Things that I've tried:

When I take melatonin, it doesn't usually help me sleep earlier. It just makes me have weirder dreams, and it makes it harder to wake up.

Listening to music and/or podcasts sometimes helps, but not predictably. Even listening to "sleep tapes" like Jeff Bridges' sleeping tapes doesn't usually help. Neither does listening to meditative music.

I can't meditate, period.

I don't have enough attention span to count sheep. I always get distracted and think about something else. Same if I try to focus on anything else.

I don't want to take sudafed or some other gross shit like that.

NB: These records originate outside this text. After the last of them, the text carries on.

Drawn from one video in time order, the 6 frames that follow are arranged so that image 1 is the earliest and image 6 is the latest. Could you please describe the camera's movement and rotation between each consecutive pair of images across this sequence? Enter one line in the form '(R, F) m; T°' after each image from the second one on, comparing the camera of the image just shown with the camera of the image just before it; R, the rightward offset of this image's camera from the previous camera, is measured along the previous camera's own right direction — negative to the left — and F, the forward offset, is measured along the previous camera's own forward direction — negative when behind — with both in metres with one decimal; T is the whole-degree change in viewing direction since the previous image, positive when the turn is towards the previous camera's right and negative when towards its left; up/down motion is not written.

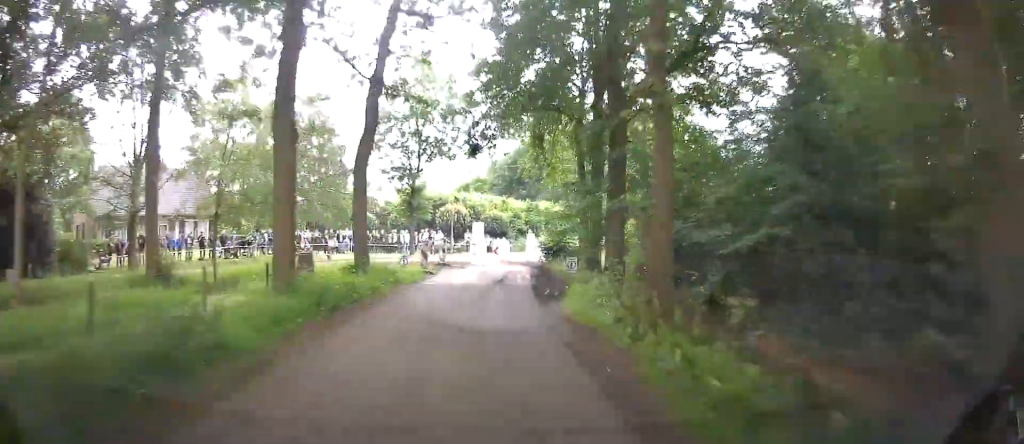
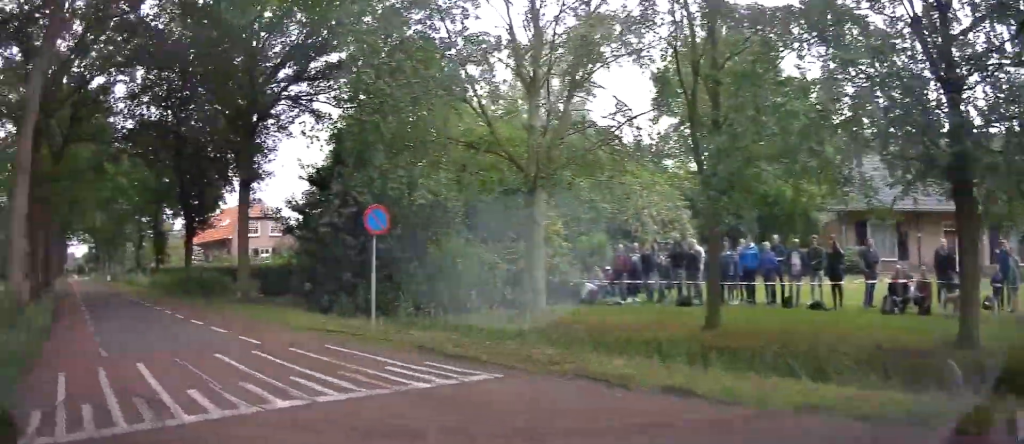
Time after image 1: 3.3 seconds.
(-9.5, +12.2) m; -126°
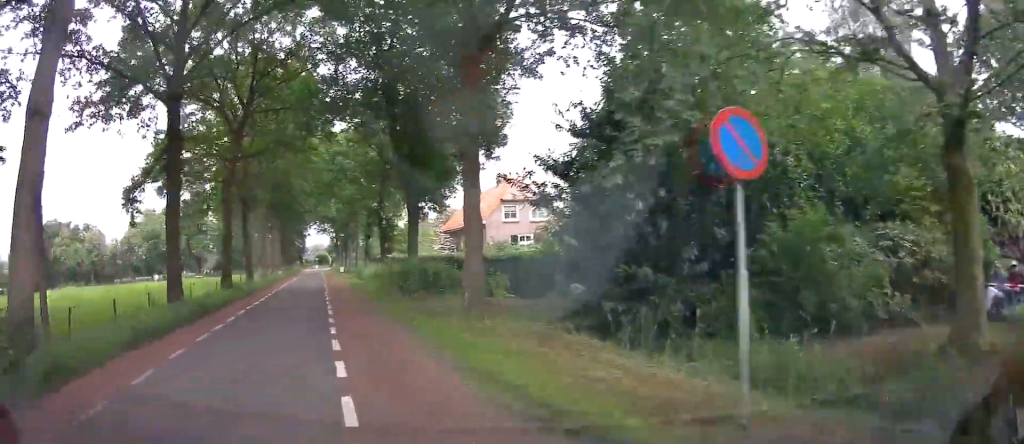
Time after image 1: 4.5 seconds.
(-0.6, +7.5) m; -9°
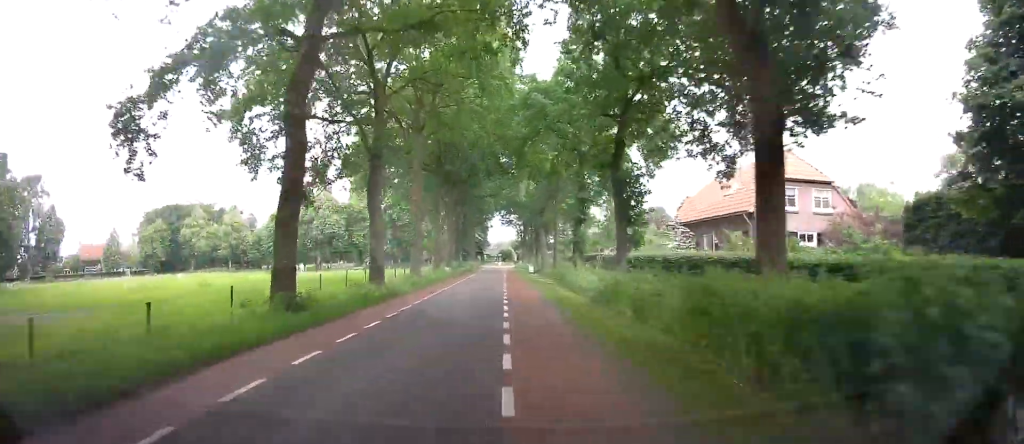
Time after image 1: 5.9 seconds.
(-0.9, +14.4) m; -4°
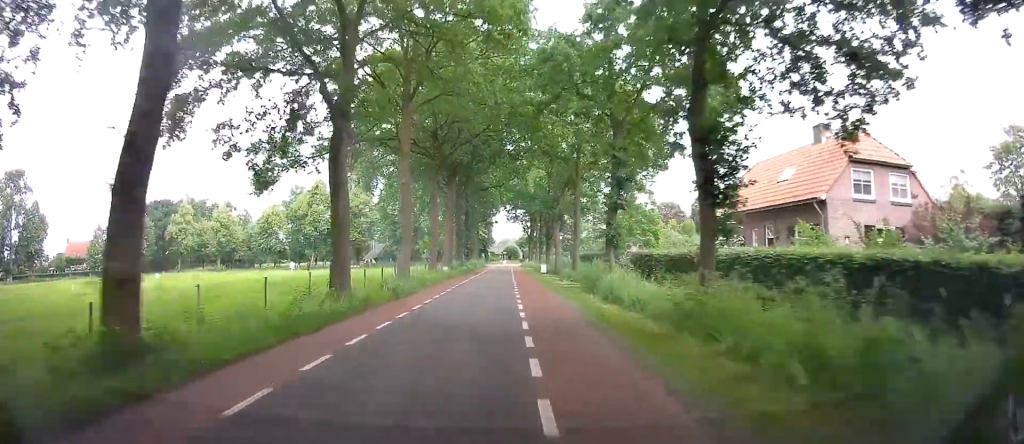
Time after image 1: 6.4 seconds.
(+0.1, +6.7) m; 0°
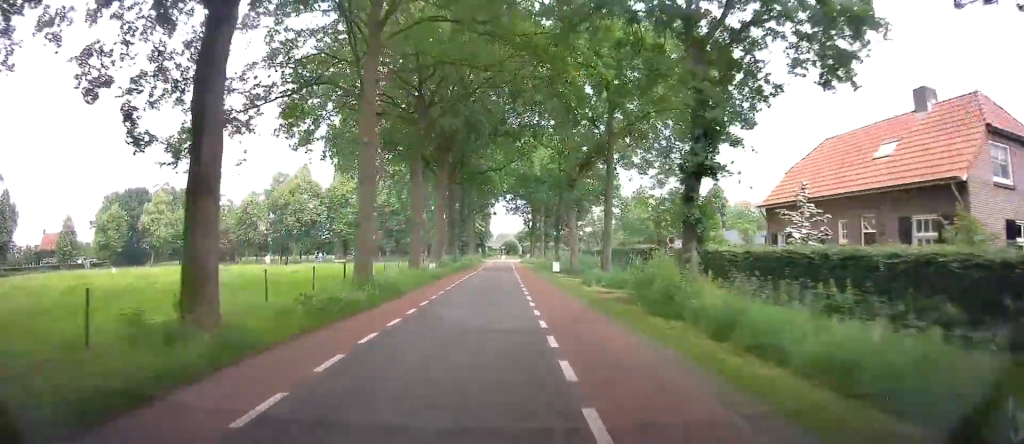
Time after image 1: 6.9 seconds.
(0.0, +8.1) m; 0°

Warm milk would only give me a stomach ache, which would keep me awake.












^ Won't help either.


----------



## Electra (Oct 24, 2014)

I find melatonin helps me sleep faster if I take it quite some time before I am supposed to sleep.
However melatonin doesn't allways help so much eighter but to me it's a whooooole lot better then nothing!!
I find going for a long walk and sleeping with my window open helps, if i's not too extreme temprature outside.
I seem to have some allergies and so I often sleep on my sofa instead of in my bed.
Warm milks is claming to me but I get breathing problems from milk and cowmilk is also for calfs, not humans.
I usually need some time to analyze things that happend lately before I go to sleep.
I often put on a nice sound to sleep to. Weathersounds like stoms or rain are also a bit calming but I can loose sleep from too heavy thunder as it gets scary lol.


----------



## Pippi (Dec 24, 2016)

Electra said:


> I find melatonin helps me sleep faster if I take it quite some time before I am supposed to sleep.
> However melatonin doesn't allways help so much eighter but to me it's a whooooole lot better then nothing!!
> I find going for a long walk and sleeping with my window open helps, if i's not too extreme temprature outside.
> I seem to have some allergies and so I often sleep on my sofa instead of in my bed.
> ...


I took some melatonin last night just in case, and I couldn't fall asleep, so I got back up to do some work. But then I started getting sleepy, so I went back to bed and put a podcast on. Eventually, I did fall asleep, but only got a couple of hours' nap before I woke up & couldn't go back to sleep. Hopefully, that little bit will be enough to get me through the morning, and maybe I'll be able to shift the schedule today. I really want to go back to sleep right now, though, because this is around the time I've been falling asleep.


----------



## Electra (Oct 24, 2014)

Best of luck!! :hug: 
I'm going to study, I'm on the buss :smile:


----------



## Fade (Jul 14, 2019)

Don't try to fall asleep))


----------



## bearlybreathing (Aug 6, 2013)

Do something intense during the day (gym workout, go running, skiing, mountain hiking/climbing, go on a bike ride, etc.) and take a medium-length walk in the evening. The initial workout will fatigue your muscles but get you pumped and the walk should calm you down enough to be able to lay down. This works for me when I need to change up my sleep schedule.


----------



## aware.7 (Oct 2, 2017)

Monotony; count.

1.2.3.4.5.6.. zzzzzz


----------



## tanstaafl28 (Sep 10, 2012)

I tend to be the same, but then again, I had military training. I can sleep whenever. I love to be up late, sleep in the morning, get up in the afternoon and do it all over again, but I can adapt. 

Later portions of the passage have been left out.